◆ **What is being asked**
Which of the lines below mention the word "house"? Pull each one out.

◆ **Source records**
• • • • •
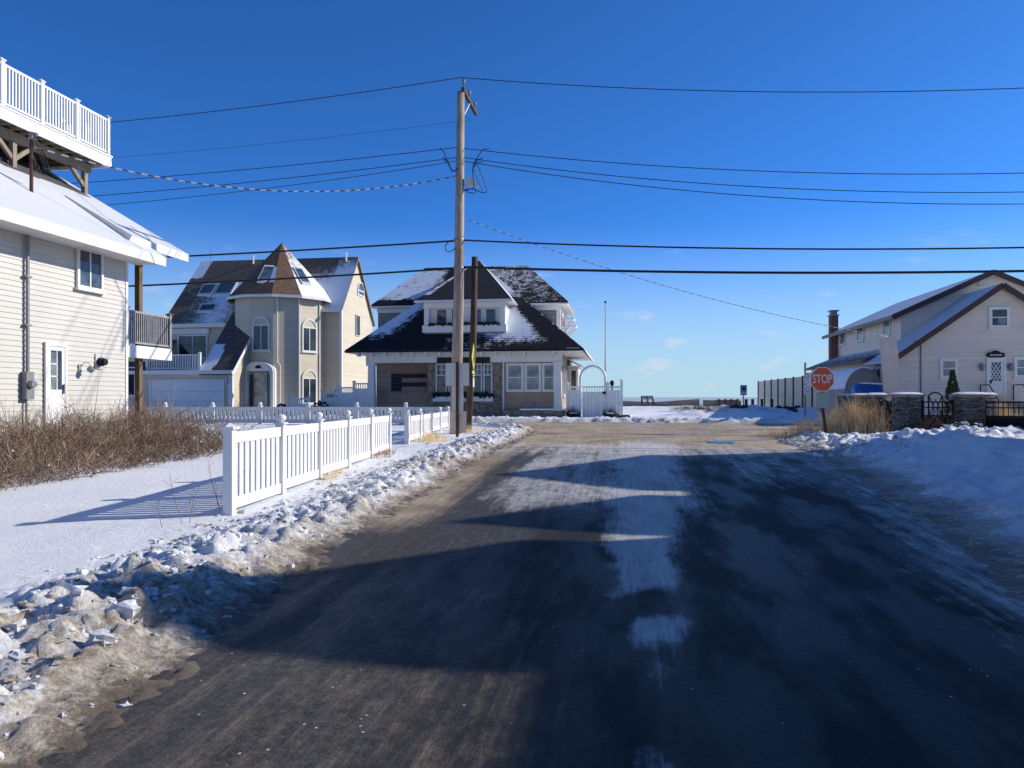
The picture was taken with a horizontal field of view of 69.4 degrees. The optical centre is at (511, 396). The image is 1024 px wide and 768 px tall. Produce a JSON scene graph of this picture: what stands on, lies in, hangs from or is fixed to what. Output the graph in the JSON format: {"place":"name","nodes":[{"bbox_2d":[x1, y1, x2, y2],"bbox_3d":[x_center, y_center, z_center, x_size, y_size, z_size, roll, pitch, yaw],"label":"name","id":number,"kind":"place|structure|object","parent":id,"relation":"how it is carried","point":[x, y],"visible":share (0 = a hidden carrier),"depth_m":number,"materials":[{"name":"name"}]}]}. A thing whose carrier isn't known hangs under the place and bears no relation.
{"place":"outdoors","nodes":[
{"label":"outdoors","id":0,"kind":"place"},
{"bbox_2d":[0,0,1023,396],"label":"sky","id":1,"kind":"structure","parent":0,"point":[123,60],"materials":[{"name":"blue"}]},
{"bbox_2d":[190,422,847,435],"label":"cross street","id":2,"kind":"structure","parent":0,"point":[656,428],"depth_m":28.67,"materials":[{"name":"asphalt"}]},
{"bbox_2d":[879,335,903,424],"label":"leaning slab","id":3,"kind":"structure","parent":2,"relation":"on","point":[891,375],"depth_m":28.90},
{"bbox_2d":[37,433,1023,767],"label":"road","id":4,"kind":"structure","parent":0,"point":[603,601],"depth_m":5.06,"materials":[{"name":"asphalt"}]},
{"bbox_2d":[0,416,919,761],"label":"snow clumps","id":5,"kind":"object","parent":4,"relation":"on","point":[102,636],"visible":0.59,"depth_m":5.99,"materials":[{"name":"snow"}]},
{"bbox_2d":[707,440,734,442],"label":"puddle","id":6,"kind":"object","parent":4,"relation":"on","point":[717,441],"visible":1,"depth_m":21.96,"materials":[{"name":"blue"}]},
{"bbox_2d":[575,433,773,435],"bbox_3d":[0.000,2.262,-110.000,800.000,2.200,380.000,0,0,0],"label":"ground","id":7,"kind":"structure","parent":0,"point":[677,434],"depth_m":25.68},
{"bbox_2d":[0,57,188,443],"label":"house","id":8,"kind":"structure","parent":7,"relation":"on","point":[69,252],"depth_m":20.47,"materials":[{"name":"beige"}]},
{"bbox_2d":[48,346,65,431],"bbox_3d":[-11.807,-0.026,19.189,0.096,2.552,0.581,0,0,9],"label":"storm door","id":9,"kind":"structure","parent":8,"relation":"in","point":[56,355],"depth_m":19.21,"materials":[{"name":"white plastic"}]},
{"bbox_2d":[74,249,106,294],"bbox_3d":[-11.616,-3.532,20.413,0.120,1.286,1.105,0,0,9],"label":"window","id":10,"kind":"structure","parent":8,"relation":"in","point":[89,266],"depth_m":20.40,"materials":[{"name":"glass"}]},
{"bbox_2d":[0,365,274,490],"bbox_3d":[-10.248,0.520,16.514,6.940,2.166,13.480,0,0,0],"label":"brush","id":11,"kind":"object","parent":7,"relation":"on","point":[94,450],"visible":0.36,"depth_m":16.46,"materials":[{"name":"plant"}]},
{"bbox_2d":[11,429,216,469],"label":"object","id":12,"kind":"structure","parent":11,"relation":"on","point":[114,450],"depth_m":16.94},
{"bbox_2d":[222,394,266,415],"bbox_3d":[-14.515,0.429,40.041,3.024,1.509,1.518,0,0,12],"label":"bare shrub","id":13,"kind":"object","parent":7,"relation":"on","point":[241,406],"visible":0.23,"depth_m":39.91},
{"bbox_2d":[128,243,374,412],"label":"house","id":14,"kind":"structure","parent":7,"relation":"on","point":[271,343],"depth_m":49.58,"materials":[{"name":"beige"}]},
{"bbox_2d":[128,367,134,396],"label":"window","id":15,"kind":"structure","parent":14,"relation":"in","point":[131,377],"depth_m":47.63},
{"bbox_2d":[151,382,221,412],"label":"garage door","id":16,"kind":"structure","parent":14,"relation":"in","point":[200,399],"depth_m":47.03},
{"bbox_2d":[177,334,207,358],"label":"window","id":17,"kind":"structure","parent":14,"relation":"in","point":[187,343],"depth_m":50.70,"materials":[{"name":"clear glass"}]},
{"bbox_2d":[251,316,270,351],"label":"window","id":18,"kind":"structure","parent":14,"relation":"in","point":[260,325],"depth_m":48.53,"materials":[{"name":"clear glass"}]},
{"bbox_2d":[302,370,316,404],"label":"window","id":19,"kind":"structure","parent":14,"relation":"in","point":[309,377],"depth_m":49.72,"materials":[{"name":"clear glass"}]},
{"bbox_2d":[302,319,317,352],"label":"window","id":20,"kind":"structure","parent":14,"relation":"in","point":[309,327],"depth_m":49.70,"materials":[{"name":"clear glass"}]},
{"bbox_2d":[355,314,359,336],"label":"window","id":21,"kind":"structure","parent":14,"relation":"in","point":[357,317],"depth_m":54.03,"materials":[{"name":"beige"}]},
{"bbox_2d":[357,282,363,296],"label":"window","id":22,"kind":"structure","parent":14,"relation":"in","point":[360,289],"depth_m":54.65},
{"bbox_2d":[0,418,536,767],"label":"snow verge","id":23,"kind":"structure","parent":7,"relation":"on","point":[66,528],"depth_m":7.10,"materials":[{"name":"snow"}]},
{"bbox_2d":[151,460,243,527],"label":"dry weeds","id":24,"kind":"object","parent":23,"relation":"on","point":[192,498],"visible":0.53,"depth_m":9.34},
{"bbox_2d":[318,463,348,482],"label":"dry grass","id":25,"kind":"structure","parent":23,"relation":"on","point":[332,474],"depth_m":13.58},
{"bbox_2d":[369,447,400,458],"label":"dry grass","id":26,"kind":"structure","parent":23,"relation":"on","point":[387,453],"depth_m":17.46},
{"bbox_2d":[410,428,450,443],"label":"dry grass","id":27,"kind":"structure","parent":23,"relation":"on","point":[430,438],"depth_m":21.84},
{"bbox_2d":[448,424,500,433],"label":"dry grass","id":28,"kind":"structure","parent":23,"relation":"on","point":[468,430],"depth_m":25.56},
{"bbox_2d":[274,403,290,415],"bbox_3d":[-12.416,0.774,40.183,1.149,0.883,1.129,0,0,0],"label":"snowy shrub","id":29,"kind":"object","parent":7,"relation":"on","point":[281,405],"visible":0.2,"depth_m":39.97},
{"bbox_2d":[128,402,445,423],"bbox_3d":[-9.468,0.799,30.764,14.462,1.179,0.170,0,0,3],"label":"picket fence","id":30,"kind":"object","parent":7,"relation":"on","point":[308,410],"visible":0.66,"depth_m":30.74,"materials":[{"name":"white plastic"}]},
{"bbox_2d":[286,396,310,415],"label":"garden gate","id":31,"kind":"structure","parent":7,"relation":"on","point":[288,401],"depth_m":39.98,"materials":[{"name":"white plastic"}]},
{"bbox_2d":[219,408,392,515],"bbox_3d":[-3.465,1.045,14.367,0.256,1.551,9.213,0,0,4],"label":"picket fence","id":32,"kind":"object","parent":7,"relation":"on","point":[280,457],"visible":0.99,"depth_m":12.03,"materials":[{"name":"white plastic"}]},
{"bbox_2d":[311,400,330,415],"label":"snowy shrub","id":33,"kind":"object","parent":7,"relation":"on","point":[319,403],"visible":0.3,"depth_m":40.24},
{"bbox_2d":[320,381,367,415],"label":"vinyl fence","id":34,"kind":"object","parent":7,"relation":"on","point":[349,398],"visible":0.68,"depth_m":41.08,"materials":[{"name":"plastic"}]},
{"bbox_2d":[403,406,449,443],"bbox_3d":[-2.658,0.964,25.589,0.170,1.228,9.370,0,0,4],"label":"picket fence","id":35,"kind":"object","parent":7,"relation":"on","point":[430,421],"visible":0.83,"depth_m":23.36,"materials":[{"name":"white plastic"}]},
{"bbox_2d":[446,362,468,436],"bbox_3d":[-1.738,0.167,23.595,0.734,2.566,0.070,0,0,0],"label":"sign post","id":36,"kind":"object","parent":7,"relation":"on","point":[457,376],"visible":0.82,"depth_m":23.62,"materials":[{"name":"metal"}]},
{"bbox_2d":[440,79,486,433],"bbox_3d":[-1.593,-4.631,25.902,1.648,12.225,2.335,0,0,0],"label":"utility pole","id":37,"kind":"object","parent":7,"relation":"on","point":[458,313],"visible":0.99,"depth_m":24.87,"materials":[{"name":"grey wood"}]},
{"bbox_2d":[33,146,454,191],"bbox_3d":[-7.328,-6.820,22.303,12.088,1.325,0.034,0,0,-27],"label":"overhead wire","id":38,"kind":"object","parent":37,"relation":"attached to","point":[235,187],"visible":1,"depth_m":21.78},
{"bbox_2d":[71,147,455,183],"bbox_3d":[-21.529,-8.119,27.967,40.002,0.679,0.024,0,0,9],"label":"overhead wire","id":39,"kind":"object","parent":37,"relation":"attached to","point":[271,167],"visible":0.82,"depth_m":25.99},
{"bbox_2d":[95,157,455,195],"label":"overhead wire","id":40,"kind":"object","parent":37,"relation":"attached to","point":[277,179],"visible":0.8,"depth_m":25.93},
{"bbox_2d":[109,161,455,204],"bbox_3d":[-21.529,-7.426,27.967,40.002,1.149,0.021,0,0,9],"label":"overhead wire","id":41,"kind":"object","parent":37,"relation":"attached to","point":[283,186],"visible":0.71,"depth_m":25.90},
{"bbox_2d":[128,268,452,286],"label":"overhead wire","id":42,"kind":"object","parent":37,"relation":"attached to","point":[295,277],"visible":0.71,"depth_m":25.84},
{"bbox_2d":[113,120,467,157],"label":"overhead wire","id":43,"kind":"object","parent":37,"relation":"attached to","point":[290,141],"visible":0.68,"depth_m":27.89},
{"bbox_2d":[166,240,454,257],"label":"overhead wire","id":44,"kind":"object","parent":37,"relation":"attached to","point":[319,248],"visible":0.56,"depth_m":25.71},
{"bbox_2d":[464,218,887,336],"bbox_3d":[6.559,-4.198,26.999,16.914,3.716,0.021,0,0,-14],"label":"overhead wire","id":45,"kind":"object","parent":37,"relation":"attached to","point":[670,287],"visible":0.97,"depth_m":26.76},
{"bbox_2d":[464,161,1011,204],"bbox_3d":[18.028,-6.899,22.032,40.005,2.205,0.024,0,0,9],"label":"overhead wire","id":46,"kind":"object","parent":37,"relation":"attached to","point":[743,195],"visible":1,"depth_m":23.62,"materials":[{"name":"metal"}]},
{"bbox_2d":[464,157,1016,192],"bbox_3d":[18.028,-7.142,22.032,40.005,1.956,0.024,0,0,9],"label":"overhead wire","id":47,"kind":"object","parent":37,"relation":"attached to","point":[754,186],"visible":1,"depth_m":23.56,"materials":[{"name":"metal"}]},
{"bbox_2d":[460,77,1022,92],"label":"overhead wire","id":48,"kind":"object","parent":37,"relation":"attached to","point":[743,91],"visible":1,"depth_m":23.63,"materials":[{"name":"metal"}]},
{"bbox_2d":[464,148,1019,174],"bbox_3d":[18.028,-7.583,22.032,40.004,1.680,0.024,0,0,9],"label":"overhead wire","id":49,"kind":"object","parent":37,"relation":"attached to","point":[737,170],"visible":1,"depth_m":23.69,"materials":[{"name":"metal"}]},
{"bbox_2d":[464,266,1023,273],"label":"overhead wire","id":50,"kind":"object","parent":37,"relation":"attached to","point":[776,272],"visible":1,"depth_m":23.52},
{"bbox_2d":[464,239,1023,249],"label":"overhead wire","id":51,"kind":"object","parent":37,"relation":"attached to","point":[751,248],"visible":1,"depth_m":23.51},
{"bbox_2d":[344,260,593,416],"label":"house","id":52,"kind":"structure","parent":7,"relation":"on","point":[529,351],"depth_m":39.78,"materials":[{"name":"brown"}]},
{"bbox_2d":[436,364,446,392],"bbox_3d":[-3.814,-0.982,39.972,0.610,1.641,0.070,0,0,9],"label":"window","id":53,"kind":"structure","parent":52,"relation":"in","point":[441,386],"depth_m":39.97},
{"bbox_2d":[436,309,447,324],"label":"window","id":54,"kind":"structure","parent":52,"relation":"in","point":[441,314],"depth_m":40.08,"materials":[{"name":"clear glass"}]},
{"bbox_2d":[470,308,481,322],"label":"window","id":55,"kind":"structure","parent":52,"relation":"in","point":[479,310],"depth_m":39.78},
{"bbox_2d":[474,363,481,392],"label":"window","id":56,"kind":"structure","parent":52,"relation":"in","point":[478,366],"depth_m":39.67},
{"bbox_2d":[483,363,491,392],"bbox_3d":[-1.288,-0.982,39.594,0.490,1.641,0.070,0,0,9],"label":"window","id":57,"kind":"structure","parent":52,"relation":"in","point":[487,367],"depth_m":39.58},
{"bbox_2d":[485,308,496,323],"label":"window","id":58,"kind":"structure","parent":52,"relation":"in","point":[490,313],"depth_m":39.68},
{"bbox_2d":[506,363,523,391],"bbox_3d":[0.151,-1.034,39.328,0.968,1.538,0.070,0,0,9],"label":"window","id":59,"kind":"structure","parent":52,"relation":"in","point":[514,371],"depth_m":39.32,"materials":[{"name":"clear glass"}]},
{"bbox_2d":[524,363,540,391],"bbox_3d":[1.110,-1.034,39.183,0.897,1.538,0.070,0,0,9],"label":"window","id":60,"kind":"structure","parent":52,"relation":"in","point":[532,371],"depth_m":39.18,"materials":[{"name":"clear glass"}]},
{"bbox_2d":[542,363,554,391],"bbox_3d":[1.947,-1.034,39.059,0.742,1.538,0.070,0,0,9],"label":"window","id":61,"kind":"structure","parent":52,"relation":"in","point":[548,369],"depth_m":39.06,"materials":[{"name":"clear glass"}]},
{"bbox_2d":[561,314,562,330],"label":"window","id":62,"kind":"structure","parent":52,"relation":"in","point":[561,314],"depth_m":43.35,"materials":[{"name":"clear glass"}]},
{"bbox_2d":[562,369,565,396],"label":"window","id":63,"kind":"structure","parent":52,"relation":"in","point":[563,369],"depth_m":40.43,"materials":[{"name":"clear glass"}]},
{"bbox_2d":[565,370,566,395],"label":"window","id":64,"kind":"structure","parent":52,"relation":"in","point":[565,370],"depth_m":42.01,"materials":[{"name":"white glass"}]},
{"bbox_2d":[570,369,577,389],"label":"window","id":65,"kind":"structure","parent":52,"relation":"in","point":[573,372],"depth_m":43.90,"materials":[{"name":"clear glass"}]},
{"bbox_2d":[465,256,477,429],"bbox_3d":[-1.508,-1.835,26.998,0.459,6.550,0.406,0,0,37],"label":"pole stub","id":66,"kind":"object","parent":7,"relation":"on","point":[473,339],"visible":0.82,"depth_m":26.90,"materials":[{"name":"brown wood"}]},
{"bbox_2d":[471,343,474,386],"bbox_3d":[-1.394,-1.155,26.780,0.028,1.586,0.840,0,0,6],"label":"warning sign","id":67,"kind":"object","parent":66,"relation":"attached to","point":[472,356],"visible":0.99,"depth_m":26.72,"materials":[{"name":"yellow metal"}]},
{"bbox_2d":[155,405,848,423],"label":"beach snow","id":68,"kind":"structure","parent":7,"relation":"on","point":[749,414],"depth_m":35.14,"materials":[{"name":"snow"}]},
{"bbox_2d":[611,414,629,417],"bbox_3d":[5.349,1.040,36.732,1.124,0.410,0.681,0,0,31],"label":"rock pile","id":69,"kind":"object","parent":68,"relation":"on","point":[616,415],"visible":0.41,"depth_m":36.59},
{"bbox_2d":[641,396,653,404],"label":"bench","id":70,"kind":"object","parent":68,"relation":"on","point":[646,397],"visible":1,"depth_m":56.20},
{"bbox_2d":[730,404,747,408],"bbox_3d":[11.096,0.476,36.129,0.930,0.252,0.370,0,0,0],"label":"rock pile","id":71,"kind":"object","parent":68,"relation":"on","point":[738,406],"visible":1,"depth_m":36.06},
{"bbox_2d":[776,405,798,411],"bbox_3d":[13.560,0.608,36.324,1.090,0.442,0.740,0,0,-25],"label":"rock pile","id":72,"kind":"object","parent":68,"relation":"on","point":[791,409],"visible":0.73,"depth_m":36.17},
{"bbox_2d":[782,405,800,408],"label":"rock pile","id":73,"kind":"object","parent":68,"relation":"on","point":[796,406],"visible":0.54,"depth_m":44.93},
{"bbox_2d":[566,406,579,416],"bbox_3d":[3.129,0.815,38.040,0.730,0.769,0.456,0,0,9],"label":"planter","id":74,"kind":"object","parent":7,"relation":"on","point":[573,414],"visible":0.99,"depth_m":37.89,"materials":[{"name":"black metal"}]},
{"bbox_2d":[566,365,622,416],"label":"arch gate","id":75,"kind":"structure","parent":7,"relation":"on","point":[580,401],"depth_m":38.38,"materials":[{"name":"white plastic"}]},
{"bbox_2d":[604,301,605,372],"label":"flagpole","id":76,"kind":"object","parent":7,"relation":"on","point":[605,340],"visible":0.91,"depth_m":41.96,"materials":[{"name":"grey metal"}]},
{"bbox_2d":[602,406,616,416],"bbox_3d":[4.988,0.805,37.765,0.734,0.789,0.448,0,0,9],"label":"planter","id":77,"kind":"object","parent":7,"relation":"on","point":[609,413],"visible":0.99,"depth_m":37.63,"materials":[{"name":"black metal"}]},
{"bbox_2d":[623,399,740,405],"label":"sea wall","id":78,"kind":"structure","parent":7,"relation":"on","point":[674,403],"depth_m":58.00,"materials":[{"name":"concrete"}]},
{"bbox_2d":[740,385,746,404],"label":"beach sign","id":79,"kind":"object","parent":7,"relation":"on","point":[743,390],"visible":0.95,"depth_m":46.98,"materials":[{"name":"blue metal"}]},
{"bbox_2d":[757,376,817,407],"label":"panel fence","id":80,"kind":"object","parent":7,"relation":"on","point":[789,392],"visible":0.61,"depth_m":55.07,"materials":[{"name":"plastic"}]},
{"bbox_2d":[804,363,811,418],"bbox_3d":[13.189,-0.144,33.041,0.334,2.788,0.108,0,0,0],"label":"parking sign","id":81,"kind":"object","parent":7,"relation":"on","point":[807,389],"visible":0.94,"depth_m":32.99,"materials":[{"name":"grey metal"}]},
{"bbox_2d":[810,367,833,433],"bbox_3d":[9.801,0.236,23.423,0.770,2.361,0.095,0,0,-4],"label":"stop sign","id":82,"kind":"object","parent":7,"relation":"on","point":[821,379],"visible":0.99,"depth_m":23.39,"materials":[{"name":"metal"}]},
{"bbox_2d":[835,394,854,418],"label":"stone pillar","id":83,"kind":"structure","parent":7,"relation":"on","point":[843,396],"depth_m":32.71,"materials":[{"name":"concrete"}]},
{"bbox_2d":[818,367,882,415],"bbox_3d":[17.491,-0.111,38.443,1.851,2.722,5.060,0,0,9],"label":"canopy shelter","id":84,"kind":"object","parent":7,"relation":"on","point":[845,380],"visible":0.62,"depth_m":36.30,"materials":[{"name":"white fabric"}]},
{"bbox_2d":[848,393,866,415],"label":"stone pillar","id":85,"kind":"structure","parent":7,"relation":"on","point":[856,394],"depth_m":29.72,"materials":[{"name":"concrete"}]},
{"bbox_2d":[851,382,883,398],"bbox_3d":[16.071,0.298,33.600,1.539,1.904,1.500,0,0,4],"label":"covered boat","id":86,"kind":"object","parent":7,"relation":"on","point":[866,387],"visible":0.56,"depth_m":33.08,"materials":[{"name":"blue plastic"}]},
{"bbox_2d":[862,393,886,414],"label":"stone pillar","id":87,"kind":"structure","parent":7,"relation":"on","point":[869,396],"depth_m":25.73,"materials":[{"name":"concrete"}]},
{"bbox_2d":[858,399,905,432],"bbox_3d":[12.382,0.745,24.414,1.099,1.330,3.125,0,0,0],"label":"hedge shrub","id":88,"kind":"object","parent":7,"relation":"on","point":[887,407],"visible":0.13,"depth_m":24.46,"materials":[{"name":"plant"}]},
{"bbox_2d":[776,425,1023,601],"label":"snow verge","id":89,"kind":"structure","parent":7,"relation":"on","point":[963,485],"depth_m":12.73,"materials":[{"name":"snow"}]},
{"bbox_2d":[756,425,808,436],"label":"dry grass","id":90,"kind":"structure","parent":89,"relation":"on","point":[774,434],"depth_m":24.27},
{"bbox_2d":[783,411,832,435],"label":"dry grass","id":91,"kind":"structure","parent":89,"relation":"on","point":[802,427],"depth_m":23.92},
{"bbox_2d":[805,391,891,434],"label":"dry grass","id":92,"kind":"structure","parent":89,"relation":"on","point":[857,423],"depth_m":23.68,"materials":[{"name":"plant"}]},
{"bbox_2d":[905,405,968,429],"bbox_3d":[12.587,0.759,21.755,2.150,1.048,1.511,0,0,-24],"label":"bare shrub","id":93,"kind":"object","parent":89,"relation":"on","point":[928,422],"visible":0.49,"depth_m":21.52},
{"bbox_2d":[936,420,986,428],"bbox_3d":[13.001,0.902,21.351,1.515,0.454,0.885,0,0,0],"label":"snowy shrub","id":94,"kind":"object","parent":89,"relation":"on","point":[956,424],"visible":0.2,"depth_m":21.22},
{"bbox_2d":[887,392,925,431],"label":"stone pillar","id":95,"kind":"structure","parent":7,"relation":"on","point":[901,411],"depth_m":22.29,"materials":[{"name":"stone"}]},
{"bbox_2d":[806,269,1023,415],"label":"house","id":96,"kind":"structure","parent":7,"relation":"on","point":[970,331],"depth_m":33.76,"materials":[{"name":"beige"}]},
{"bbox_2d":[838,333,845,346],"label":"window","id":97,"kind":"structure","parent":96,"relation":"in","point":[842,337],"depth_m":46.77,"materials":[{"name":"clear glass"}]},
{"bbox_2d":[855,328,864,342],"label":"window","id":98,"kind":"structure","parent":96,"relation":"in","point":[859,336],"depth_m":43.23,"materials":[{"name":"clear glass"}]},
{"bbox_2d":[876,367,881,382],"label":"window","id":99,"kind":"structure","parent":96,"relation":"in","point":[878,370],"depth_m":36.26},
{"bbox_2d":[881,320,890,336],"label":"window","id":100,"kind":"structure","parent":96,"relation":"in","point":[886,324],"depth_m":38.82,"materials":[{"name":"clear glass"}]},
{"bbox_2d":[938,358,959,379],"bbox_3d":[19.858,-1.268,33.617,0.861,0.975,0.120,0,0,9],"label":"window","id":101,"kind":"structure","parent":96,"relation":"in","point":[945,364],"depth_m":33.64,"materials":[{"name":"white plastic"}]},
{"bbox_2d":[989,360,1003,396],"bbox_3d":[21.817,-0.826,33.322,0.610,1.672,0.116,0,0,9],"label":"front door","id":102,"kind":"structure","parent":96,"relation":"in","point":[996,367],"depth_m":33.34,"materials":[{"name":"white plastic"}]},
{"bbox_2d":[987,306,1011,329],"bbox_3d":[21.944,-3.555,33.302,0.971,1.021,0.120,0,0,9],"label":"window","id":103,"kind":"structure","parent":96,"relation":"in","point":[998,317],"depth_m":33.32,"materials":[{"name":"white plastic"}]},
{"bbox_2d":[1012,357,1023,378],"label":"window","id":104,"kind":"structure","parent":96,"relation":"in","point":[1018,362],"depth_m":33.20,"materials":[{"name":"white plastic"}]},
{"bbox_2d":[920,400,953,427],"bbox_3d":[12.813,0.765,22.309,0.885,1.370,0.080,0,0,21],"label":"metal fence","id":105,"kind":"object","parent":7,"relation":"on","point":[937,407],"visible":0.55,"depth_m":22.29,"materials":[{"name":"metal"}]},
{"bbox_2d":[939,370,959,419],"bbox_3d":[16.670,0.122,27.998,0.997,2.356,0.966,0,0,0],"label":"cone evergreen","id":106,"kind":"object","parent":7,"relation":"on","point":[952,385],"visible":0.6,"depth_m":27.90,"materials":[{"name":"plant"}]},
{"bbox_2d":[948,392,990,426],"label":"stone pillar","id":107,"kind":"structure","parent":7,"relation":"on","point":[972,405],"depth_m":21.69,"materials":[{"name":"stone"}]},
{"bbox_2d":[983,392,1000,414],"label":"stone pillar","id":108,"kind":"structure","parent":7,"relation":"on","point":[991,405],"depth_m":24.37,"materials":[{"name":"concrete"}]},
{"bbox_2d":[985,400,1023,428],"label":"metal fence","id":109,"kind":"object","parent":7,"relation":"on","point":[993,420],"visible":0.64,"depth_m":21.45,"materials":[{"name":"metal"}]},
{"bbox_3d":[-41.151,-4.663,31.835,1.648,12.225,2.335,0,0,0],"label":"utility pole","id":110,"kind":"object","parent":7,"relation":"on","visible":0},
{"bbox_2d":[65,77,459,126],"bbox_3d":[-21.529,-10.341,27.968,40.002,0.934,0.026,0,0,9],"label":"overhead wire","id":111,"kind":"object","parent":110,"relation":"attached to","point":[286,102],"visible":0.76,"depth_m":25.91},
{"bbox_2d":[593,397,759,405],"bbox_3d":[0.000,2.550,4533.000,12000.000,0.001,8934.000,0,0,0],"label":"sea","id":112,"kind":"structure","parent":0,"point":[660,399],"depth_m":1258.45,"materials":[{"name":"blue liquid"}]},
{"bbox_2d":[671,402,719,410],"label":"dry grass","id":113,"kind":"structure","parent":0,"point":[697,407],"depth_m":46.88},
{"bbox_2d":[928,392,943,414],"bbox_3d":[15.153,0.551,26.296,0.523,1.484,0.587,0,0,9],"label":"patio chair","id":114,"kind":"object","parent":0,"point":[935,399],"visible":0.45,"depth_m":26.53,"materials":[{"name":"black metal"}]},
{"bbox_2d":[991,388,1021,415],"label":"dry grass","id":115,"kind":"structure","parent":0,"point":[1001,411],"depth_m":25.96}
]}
• • • • •
◆ **Solution to this task**
{"bbox_2d":[0,57,188,443],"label":"house","id":8,"kind":"structure","parent":7,"relation":"on","point":[69,252],"depth_m":20.47,"materials":[{"name":"beige"}]},
{"bbox_2d":[128,243,374,412],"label":"house","id":14,"kind":"structure","parent":7,"relation":"on","point":[271,343],"depth_m":49.58,"materials":[{"name":"beige"}]},
{"bbox_2d":[344,260,593,416],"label":"house","id":52,"kind":"structure","parent":7,"relation":"on","point":[529,351],"depth_m":39.78,"materials":[{"name":"brown"}]},
{"bbox_2d":[806,269,1023,415],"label":"house","id":96,"kind":"structure","parent":7,"relation":"on","point":[970,331],"depth_m":33.76,"materials":[{"name":"beige"}]},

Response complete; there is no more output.